You expected a patch in just 10 business days (2 business weeks)? Once
they determine what solution to implement and the code change needed for
that solution, then they have to regression test the change on every
vulnerable version of Windows in which a version of DirectX is affected.
That code change may need to be incorporated in MANY versions of DirectX
starting with the first version of it that is supported on the
vulnerable versions of Windows. Wow, you don't ask for much.

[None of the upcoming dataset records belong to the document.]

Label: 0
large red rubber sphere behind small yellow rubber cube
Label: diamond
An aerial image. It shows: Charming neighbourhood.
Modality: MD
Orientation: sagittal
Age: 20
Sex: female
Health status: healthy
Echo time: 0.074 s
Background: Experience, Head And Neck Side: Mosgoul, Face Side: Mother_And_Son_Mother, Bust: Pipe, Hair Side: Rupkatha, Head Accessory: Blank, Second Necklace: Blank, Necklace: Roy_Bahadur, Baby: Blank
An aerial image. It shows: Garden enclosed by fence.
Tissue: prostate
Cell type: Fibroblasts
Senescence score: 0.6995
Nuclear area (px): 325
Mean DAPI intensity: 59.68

"In a Web-based attack scenario, an attacker would have to host a Web
site that contains a Web page that is used to exploit this
vulnerability. An attacker would have no way to force users to visit a
malicious Web site. Instead, an attacker would have to convince them to
visit the Web site, typically by getting them to click a link that takes
them to the attacker's Web site."
You might want to stick with well-known, highly-trafficked, and trusted
sites in the meantime. No "blue movie" sites for you for awhile. >;->
Do you actually visit sites using QT video formats? I can find them but
I have to actually go search for them. When I wanted to test a QT
install, I knew a couple of game sites with video movies of previews or
gameplays but they switched to Flash.
My first thought was to reassociate the Quicktime filetypes back to the
QuickTime Player and have it play those files. Guess that won't help.

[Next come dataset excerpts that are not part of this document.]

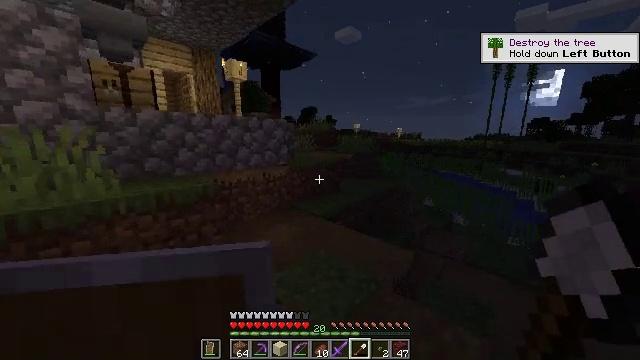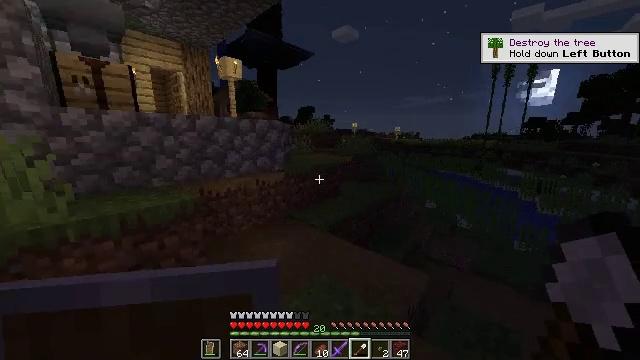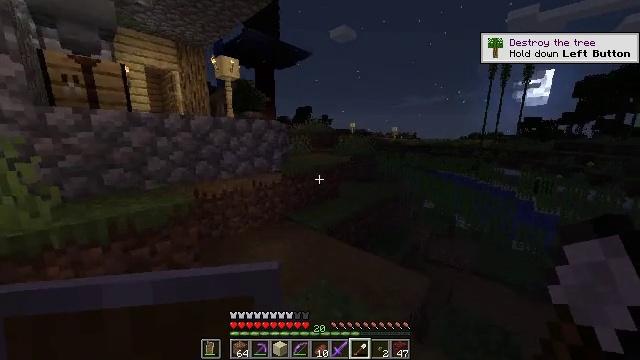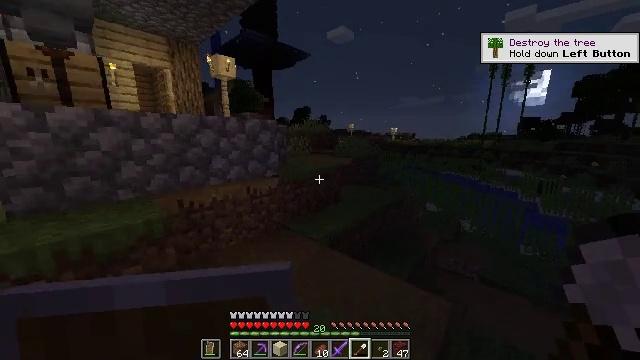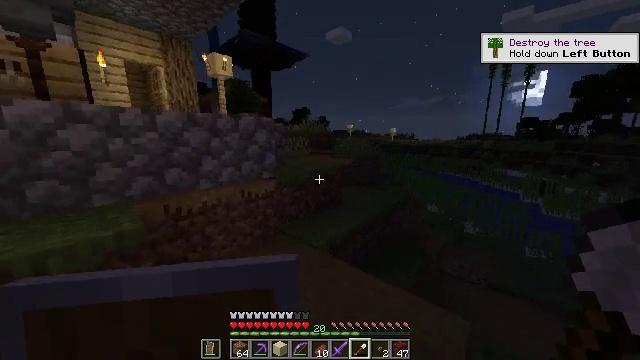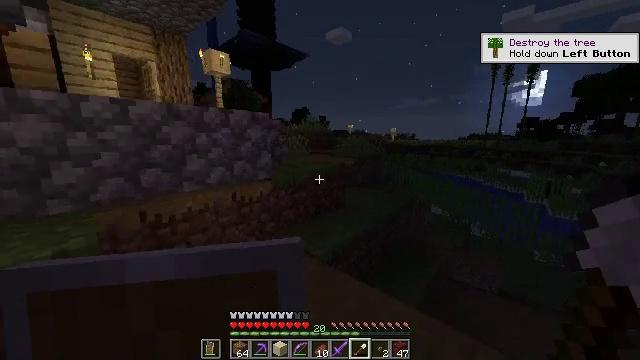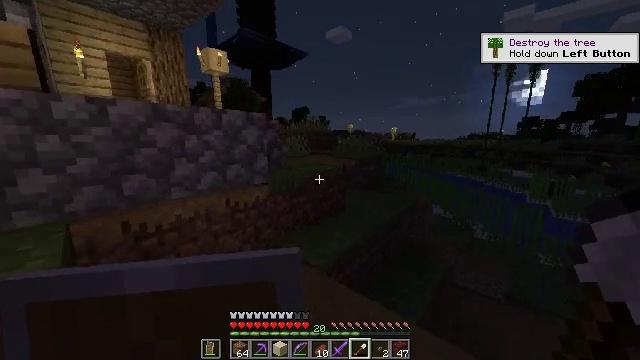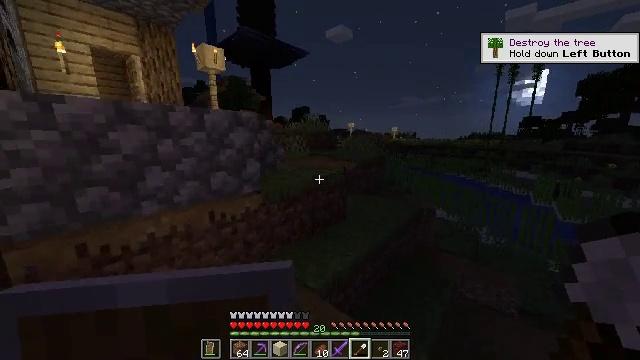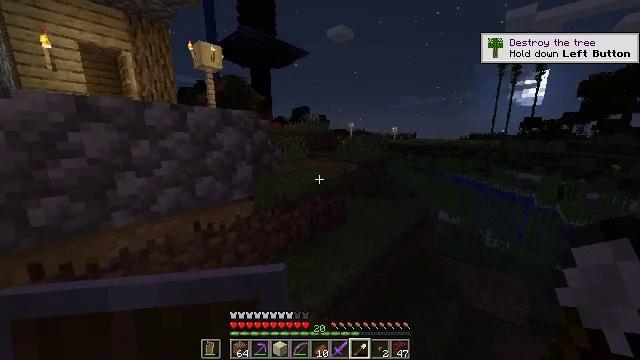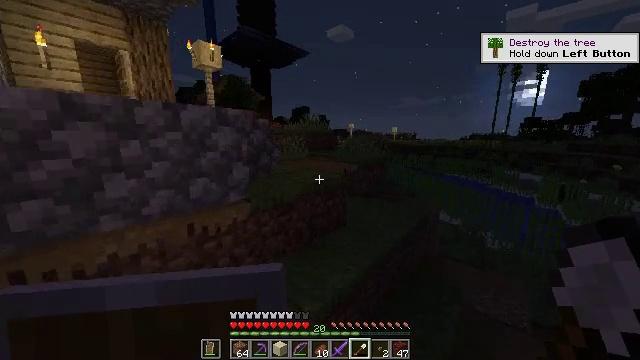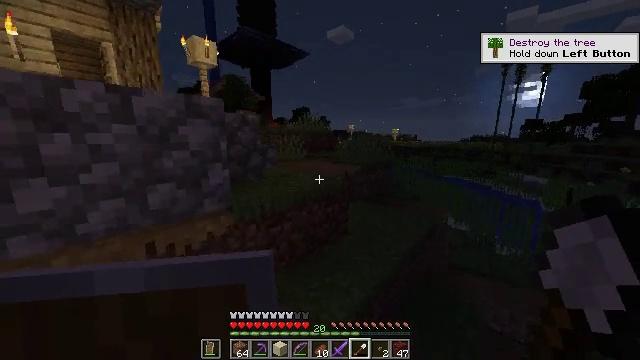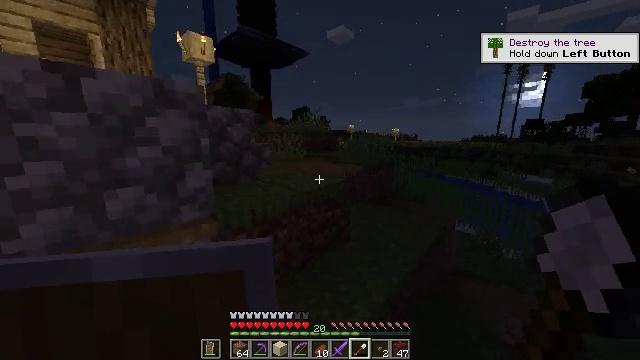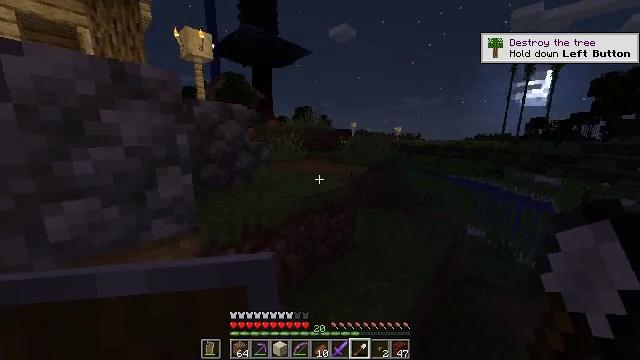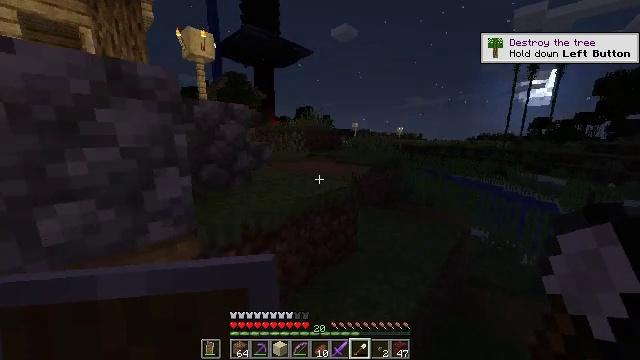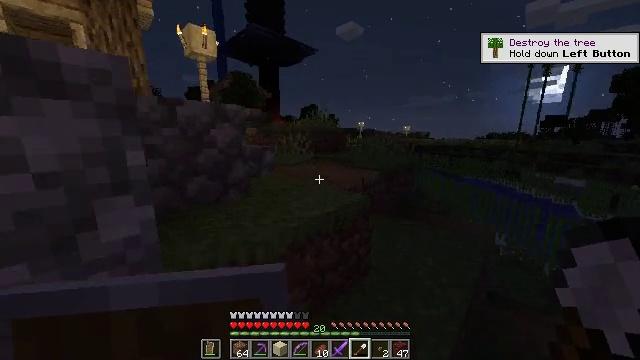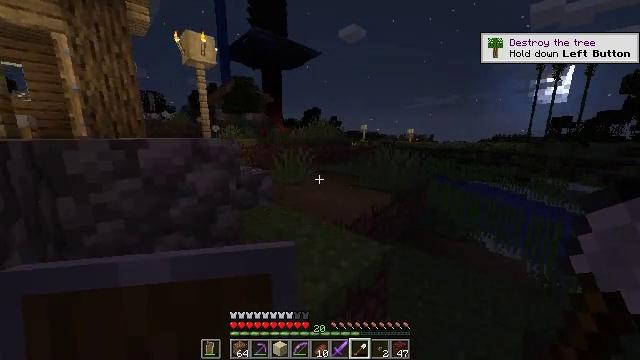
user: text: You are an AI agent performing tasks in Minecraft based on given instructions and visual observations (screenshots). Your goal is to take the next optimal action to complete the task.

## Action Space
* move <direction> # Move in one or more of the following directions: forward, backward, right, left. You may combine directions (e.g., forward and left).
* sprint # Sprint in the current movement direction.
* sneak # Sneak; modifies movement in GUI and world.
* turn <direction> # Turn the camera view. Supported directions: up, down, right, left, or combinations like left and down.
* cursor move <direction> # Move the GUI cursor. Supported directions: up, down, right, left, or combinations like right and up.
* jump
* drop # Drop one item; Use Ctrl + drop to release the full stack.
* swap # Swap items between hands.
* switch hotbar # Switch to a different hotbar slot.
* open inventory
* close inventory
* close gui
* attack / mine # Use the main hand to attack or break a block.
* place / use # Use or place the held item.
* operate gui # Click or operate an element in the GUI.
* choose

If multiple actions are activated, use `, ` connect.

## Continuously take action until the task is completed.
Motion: motion action
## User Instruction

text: Break oak leaves from the trees.
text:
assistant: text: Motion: move forward
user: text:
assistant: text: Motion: move forward
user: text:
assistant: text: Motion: move forward
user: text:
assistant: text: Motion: move forward
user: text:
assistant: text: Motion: move forward
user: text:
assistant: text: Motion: move forward
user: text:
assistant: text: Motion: move forward
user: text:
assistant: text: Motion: move forward
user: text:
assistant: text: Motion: move forward
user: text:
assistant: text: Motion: move forward
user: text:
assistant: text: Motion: move forward
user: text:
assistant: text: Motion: move forward
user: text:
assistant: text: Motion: move forward
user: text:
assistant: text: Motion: move forward, turn left
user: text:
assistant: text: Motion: move forward, jump
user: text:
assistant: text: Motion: move forward, jump
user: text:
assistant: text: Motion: move forward, jump
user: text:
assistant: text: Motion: move forward, turn left, jump
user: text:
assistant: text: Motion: move forward, turn left
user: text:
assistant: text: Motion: move forward, turn left and down
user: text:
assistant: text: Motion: move forward, turn left and down
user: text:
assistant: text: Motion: move forward, turn left
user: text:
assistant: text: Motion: move forward, turn left and down
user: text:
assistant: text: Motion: move forward, turn left, jump
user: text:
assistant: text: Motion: move forward, turn left, jump
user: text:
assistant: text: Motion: move forward, turn left, jump
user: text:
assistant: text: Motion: move forward
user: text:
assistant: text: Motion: move forward
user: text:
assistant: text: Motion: move forward
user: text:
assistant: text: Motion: move forward

According to Microsoft's Security Research & Defense blog at
http://blogs.technet.com/srd/archive/2009/05/28/new-vulnerability-in-quicktime-parsing.aspx,
"whether youʼve installed Appleʼs QuickTime or not, the vulnerability is
in the Microsoftʼs quartz.dll and itʼs possible to craft an attack to
call that DLL on the system regardless of whether Appleʼs QuickTime is
present."
Guess you can perform the workarounds that the Microsoft advisory
suggests or wait until a patch is released and be paranoid in the
meantime (or just be safer as to where you surf).